11. The system of claim 10, the operations further comprising:

identifying a placeholder in the first query template, wherein the first query template is not executable with the placeholder.

12. The system of claim 11, the operations further comprising:

generating the query by replacing the placeholder in the first query template with a parameter, wherein the parameter comprises a portion of the reference information from the first vector, and wherein the query is executable.

13. The system of claim 10, wherein the identifying the first question comprises:

identifying multiple questions, of the plurality of questions, that are associated with the reference information of the first vector, and wherein each of the multiple questions is paired with its own unique query template.
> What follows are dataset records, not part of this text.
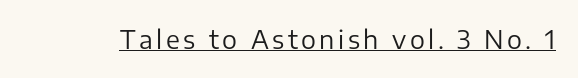
{"italic": "no", "bold": "no", "underline": "yes", "glyph_px": 25}
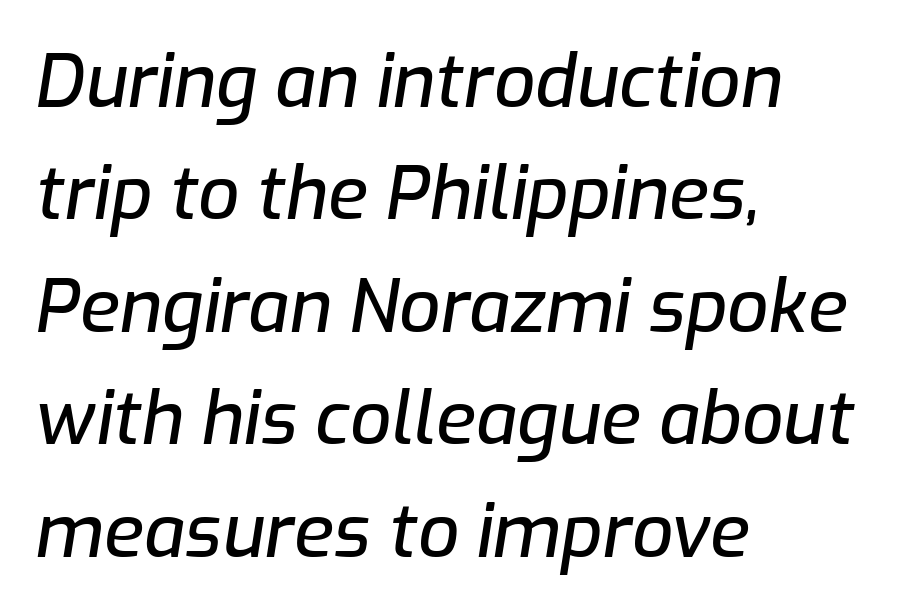
{"italic": "yes", "lean": "right", "slant_degrees": 9, "width": "normal", "stroke_contrast": "low", "x_height": "medium", "monospaced": "no", "underline": "no", "align": "left", "line_spacing": "normal", "line_spacing_ratio": 1.54, "letter_spacing": "normal", "letter_spacing_em": 0.0, "glyph_px": 73}
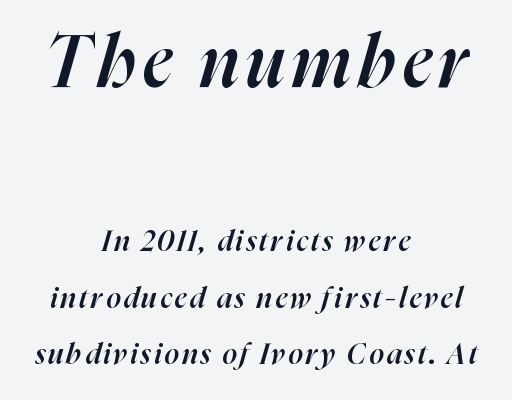
{"italic": "yes", "lean": "right", "slant_degrees": 16, "bold": "semi", "weight": "semibold", "width": "normal", "stroke_contrast": "high", "x_height": "medium", "monospaced": "no", "underline": "no", "align": "center", "line_spacing": "loose", "line_spacing_ratio": 1.95, "larger_block": "first", "size_ratio": 2.48, "glyph_px": 72}
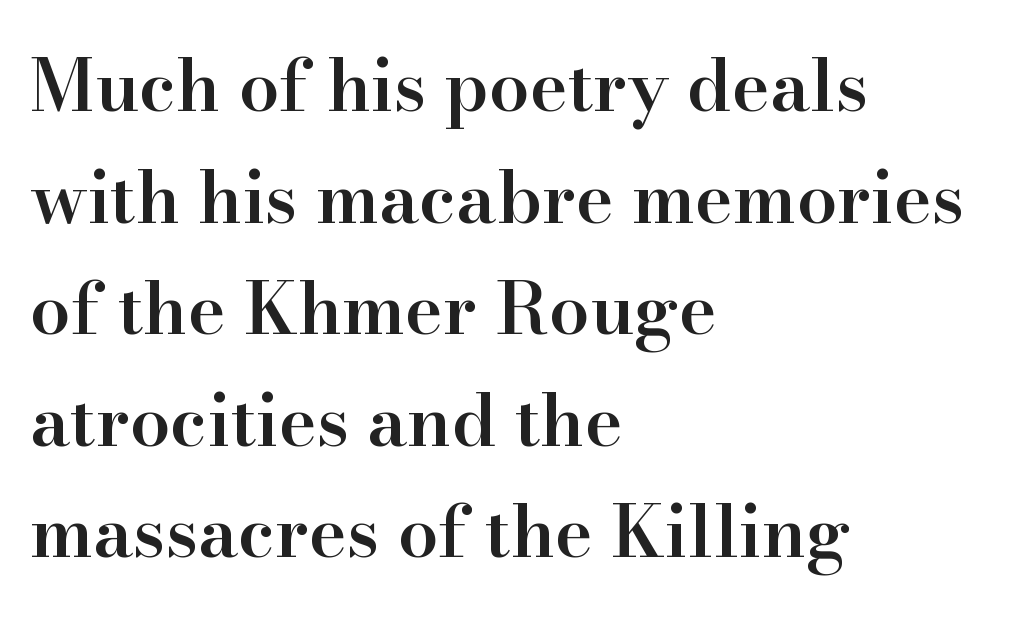
The image shows 72 px semibold serif type, upright; set left-aligned, normal line spacing (1.55x), normal letter spacing, not underlined; high stroke contrast and a small x-height.
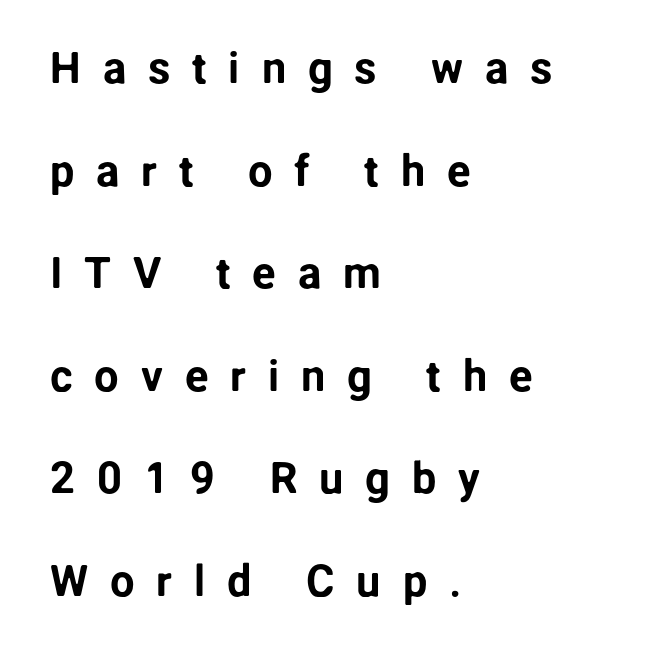
{"serif": "no", "italic": "no", "width": "normal", "stroke_contrast": "low", "x_height": "medium", "monospaced": "no", "underline": "no", "align": "left", "line_spacing": "loose", "line_spacing_ratio": 2.33, "letter_spacing": "wide", "letter_spacing_em": 0.49, "glyph_px": 44}

14. The system of claim 13, wherein each unique query template is executed against the collection database, and wherein the query result comprises collected data corresponding to each unique query template.
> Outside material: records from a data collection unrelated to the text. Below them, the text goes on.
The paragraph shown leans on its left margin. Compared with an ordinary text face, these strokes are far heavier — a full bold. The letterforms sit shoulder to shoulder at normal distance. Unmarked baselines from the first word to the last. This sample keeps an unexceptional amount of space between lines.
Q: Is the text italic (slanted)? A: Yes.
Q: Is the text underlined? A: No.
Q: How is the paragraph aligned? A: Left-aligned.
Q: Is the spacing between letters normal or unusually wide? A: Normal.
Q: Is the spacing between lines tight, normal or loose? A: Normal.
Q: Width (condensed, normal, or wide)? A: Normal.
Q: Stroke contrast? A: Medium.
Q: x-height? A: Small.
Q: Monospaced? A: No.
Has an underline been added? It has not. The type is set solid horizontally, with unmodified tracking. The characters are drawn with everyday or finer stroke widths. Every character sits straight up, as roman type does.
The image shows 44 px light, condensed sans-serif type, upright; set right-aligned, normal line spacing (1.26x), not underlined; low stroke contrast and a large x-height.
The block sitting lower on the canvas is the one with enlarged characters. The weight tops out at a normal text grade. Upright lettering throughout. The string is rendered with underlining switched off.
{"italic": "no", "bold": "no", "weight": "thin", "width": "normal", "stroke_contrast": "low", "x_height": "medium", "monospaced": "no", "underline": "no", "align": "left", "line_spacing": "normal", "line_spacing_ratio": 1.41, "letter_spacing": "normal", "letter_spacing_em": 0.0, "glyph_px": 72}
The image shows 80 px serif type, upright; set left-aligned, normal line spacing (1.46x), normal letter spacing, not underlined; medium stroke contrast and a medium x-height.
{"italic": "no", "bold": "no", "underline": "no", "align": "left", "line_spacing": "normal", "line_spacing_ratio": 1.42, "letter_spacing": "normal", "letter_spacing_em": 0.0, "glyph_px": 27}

15. The system of claim 14, wherein the LLM is configured to select a subset of the collected data, and wherein the answer comprises the natural language interpretation of the selected subset of collected data in view of the first question.

16. The system of claim 10, wherein the report comprises a chart.

17. The system of claim 10, the operations further comprising:

generating a reusable template comprising the plurality of vectors, the first question, and the first query template; and

receiving a request for the reusable template to generate a subsequent report.

18. The system of claim 10, wherein the plurality of questions are stored in a vector database.

19. A non-transitory computer-readable medium having instructions stored thereon that, when executed by at least one computing device, cause the at least one computing device to perform operations comprising:

receiving a user instruction to generate a report;

generating an information prompt configured to instruct a large language model (LLM) to derive a plurality of vectors from the user instruction, wherein a first vector of the plurality of vectors identifies reference information that is to be used to generate the report;

identifying a first question from a plurality of questions based on comparing the first vector to the plurality of questions, wherein the first question is associated with a first query template;

receiving a query result from a collection database based on executing a query corresponding to the first query template against the collection database, the query result comprising a data that corresponds to the reference information;

generating an answer prompt configured to instruct the LLM to generate an answer comprising a natural language interpretation of the query result in view of the first question;

generating a report prompt configured to instruct the LLM to generate the report comprising a natural language interpretation of the answer in view of the user instruction; and

providing the generated report responsive to receiving the user instruction.

20. The non-transitory computer-readable medium of claim 19, the operations further comprising:

identifying a placeholder in the first query template, wherein the first query template is not executable with the placeholder.